Tous les vendredis, au coucher du soleil, Nasr’eddine allait présenter ses devoirs, ainsi qu’il lui avait été commandé, au ministre de la septième police.

Le konak d’Haydar-pacha est un vieux palais de bois, peint en blanc, sur la rive européenne du Bosphore. Du côté de la mer, sa charpente ajourée lui donne l’air d’une corbeille suspendue au-dessus des eaux, qui montent presque à la hauteur de son pavé de marbre. Même au plus cuisant des chaleurs de l’été on y respire une fraîcheur voluptueuse ; et dans cette grande salle où Haydar recevait ses hôtes, et leur offrait le repas du soir, on ne voyait aucun meuble qu’une table ronde très basse, des coussins et des tapis : des tapis sur la muraille, des tapis sur de larges sofas, au pied des murailles. Le soir tombait peu à peu sur le Bosphore et sur un beau parc assez sauvage, qui sur trois côtés fait le tour du konak. C’était une heure hésitante et délicieuse où se mêlaient parfois la clarté du crépuscule et celle de la lune, pleine ou dans l’un de ses quartiers ; et l’on distinguait, dans ces lueurs changeantes, à travers les barreaux de ce palais translucide, des arbres encore verts, des kiosques, des pelouses, des fleurs, des allées tournoyantes, étroites, incrustées de petits cailloux blancs et noirs qui dessinent des palmettes et des rosaces.

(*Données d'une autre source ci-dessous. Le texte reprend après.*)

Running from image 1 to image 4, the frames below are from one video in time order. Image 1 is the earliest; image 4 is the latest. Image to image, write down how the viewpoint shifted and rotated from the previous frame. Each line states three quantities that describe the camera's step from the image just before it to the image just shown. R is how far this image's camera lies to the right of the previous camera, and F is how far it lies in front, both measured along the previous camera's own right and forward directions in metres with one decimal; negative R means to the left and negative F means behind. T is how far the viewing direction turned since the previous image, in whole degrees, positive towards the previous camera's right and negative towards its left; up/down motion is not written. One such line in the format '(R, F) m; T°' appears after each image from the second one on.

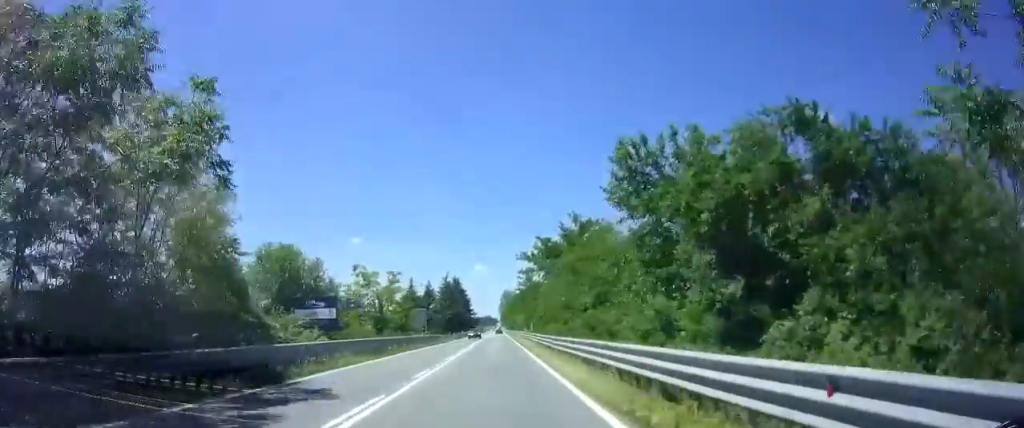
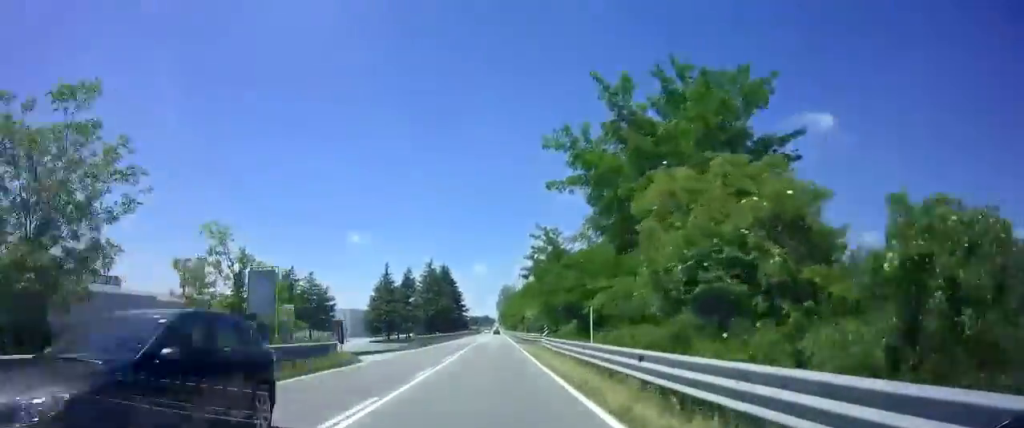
(-0.2, +35.3) m; -1°
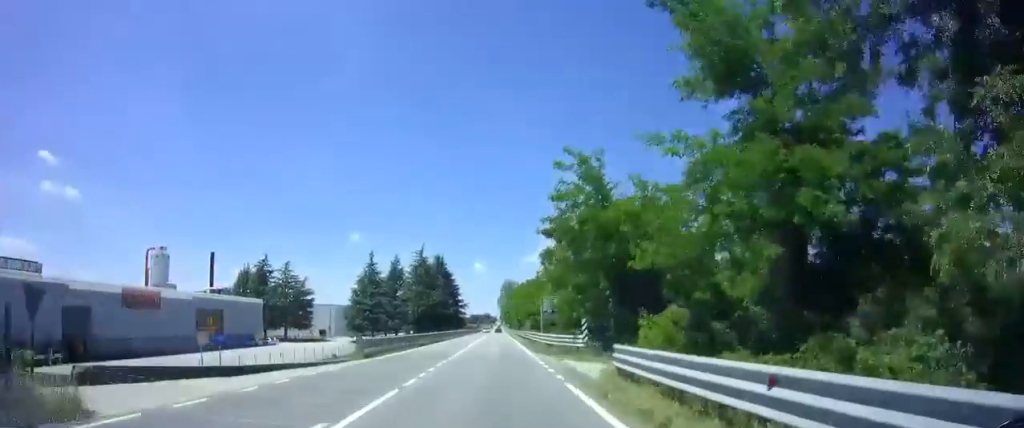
(-0.1, +18.4) m; +1°
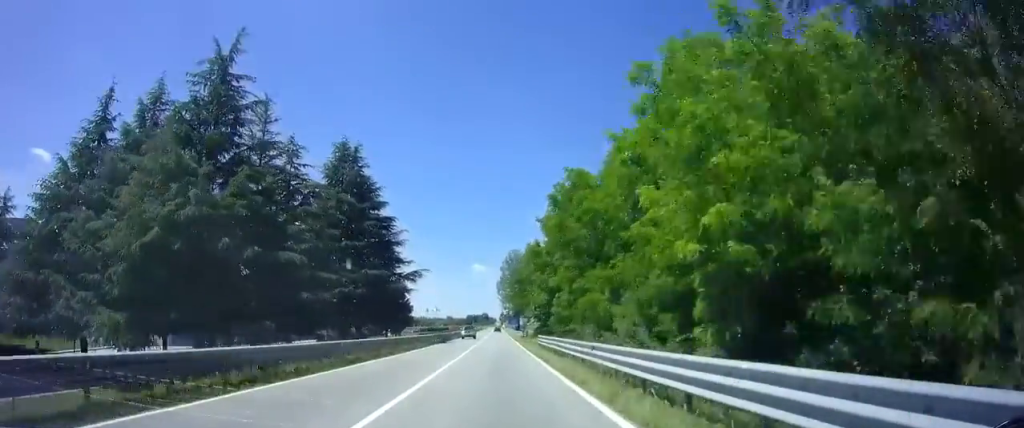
(-0.1, +85.3) m; 0°

Des serviteurs nombreux, qui s’agitaient en silence, finissaient par apporter les candélabres. Alors Haydar priait d’un geste ses invités, assis jusque-là autour de lui sur les sofas, de prendre place autour de la table.

Depuis longtemps on avait fait passer les confitures de roses dans un vase d’argent où chacun puise à son tour une petite cuillerée, en se servant de la même cuiller. Une fois le repas commencé, les convives se servaient eux-mêmes, allongeant la main vers le plat, tels des soldats ayant tous les mêmes droits, assis autour des marmites ; mais les mets étaient nombreux, longuement et savamment cuits, les viandes harmonieusement mariées à des légumes, aubergines et courgettes ; et l’on mangeait d’abord sans parler, saluant quand le maître de la maison, pour vous faire honneur, vous passait, de sa main droite, un morceau de choix. Telle était la généreuse hospitalité du ministre de la septième police. Pas plus qu’un scribe ne se souvient en rentrant chez lui des fastidieuses écritures qui furent sa besogne de jour, il ne se souvenait des heures qu’il avait consacrées à bâtonner, à tourmenter, à pendre. Sa figure respirait la plus sincère bienveillance, les plus douces vertus. Peut-être un jour devrait-il faire assassiner ceux qu’il recevait ; en attendant il les aimait véritablement de tout son cœur. Cela ne l’empêchait point d’avoir de la mémoire en les écoutant.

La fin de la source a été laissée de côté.